June 2009, John Waters @ Gagosian

 



John Waters: Rear Projection at Gagosian Gallery
456 North Camden Drive
Beverly Hills, CA 90210
April 11 through May 23, 2009


I first saw John Waters’ fine artwork at the Rena Bransten Gallery in San Francisco in 2002. The show, entitled Straight to Video, included a number of sequential film stills and twisted narratives. One, Secret Movie, was a 4 x 6 inch print situated on the surface of a very tall, very slim pedestal; the pedestal was so tall, in fact, that one couldn’t see the print. Another, Buckle Up, was a series of film stills framed in sequence so that the images led, left to right, towards a car crash; the final image – of the moment of impact itself – was still linked to the preceding images, but was hung on the adjacent wall, as though the photograph itself had hit the wall. (Imagine an L-shaped frame.)

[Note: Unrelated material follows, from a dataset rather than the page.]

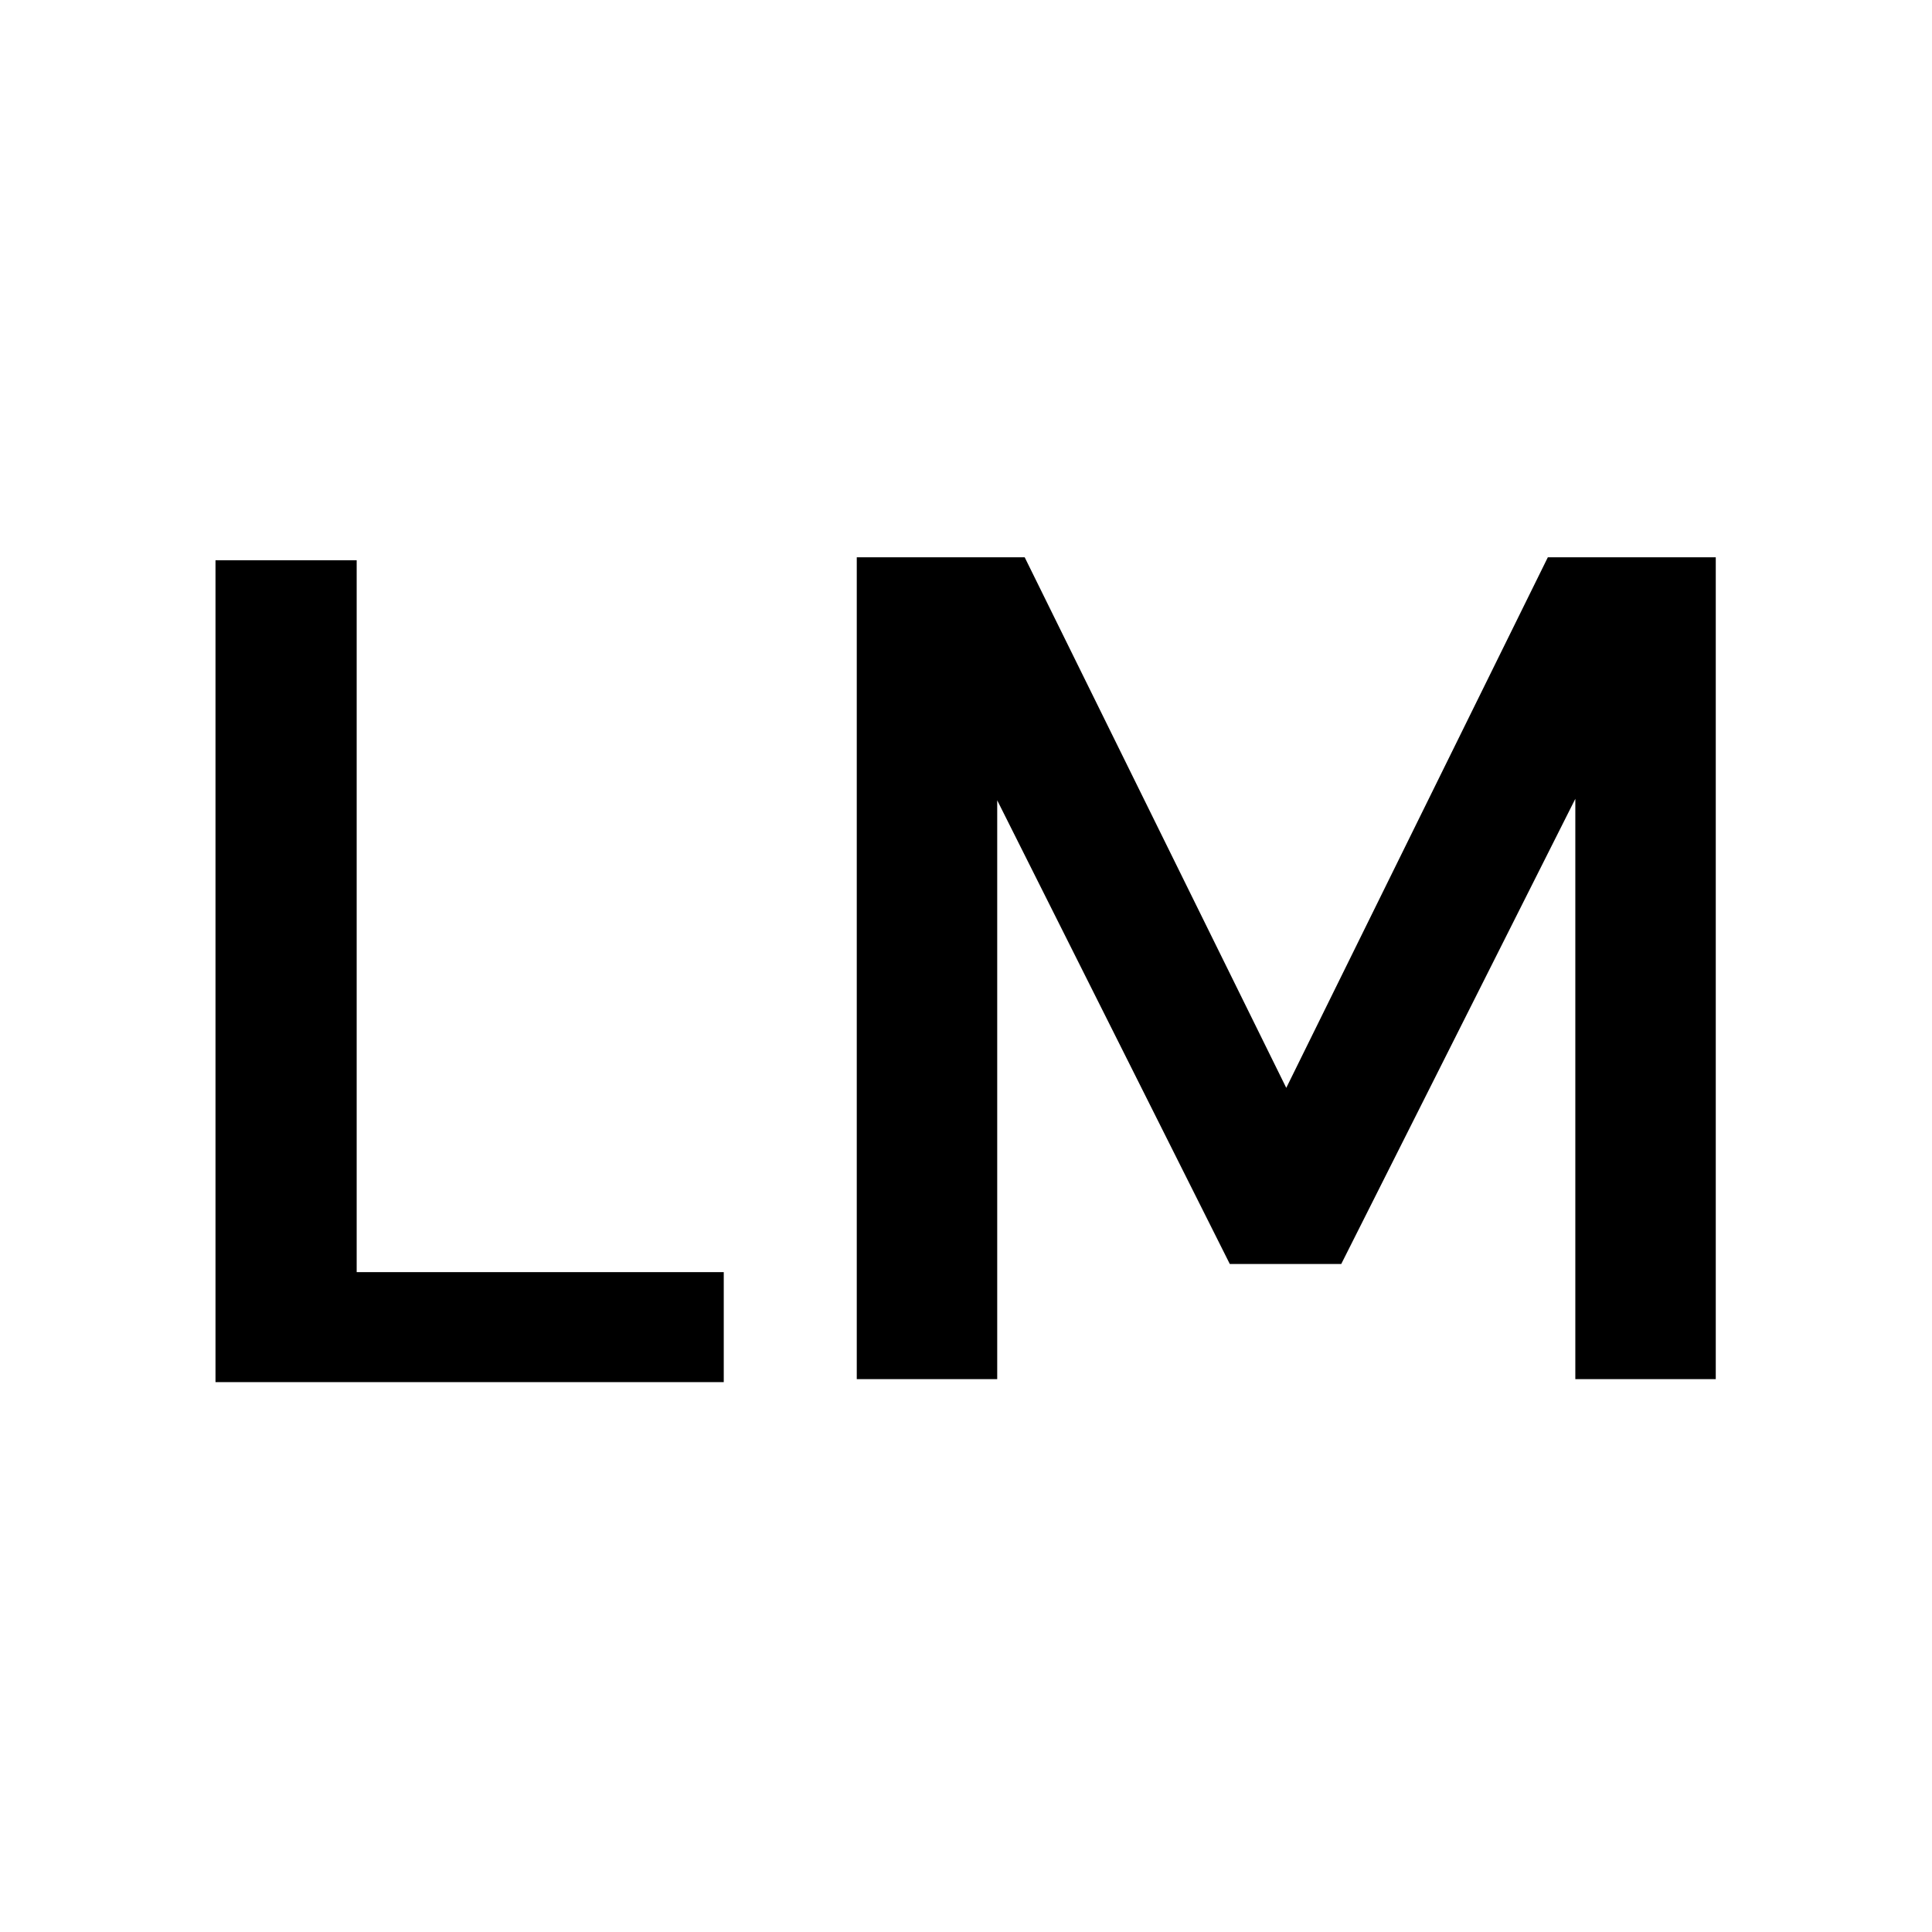 <svg xmlns="http://www.w3.org/2000/svg" version="1.1" xmlns:xlink="http://www.w3.org/1999/xlink" xmlns:svgjs="http://svgjs.com/svgjs" width="260" height="260"><svg xmlns="http://www.w3.org/2000/svg" width="260" height="260" viewBox="0 0 260 260"><g fill="#000" fill-rule="evenodd"><path d="M29 186V75.4h19v95.8h49.4V186zM115.3 185.6V75h22.6l35.2 71.4L208.3 75h22.6v110.6H212v-78.1l-31.5 62.6h-15l-31.3-62.4v77.9z"></path></g></svg><style>@media (prefers-color-scheme: light) { :root { filter: none; } }
@media (prefers-color-scheme: dark) { :root { filter: none; } }
</style></svg>

These two pieces – maybe one-liners – felt like really light, humorous gestures that seemed to push convention just hard enough to send photographs into sculptural space, but not hard enough to feel like Waters was driving home some conceptual point.

At Gagosian Gallery in Beverly Hills, seven years later, he does it again. This is a playful show that manages to elide core art world conventions while ostensibly toying mainly with cinema and pop culture. Four sculptures are set off the floor by low, white pedestals. (It’s rumored that these pedestals reminded Waters of Macy’s.) The sculptures are fun, but fairly lightweight. The guy who made Chucky for the Child’s Play series apparently made Control, in which a puppet Tina Turner is suspended from strings manipulated by Ike. La Mer, Waters describes, is “an oversized jar of the expensive face cream I’m embarrassed to admit I use.” He goes on to deduce that “if the normal 2 ounce jar on the market now sells for $230.00, this sculpture would be filled with moisturizer worth $867,740.96.” A peculiar perspective on scale.

Thirty-one mischievous photographic prints are scattered over the gallery walls at varying heights. Two of the prints are remarkable for their formal clarity and for the part of the film business to which they refer. Shooting Script is an image of a grid of the cardboard backs of legal pads with all of the pages torn out, only a yellow paper strip remaining at the top of each pad. Stalker is an image of a grid of post-it notes with strange notations like, “To your vagina with love.” It turns out that fans in line at Waters’ book signings wrote these notes so that he could simply transcribe what they wanted written into their books without asking for spelling specifics. Both of these photographs reveal Waters’ relationship to writing and film while maintaining an aestheticized objectivity on the souvenirs of that relationship.  

My favorite piece here is Backwards Day. One can see only the back of a long rectangular frame, with its various institutional marks: the Gagosian registration label and that of the framer, Waters’ signature along with the title and edition number of the piece, a hanging wire and hanging instructions. Though the piece is said to include five prints, only its collector will see them, and Waters has that collector in mind with this piece. He says, “Like in my film ‘Desperate Living’, one day a year everyone should have a ‘Backwards Day’ – eat your meals in reverse order or wear your clothes backwards. Even the collector can have a ‘Backwards Day’ when they hang this photograph backwards. Try it!” he suggests. “You’ll feel especially edgy.”  

I like this piece more than images like Mamas (where Waters has juxtaposed Pam Greer and Aggie Gund, the President Emerita of the Museum of Modern Art) because if it attacks contemporary art, it does so with original nerve. Like the legal pads in Shooting Script, the lack of information elegantly foregrounds what indeed is present. Like the little print on top of the pedestal in San Francisco, but maybe more efficiently, Backwards Day teases its supports – from its frame to its consumer – playing somewhat hard to get, but still hoping to be gotten.
 

 

Farrah Karapetian


Farrah Karapetian, artist, lives and works in Los Angeles, where she
looks forward to the opportunity to blow up a gas station.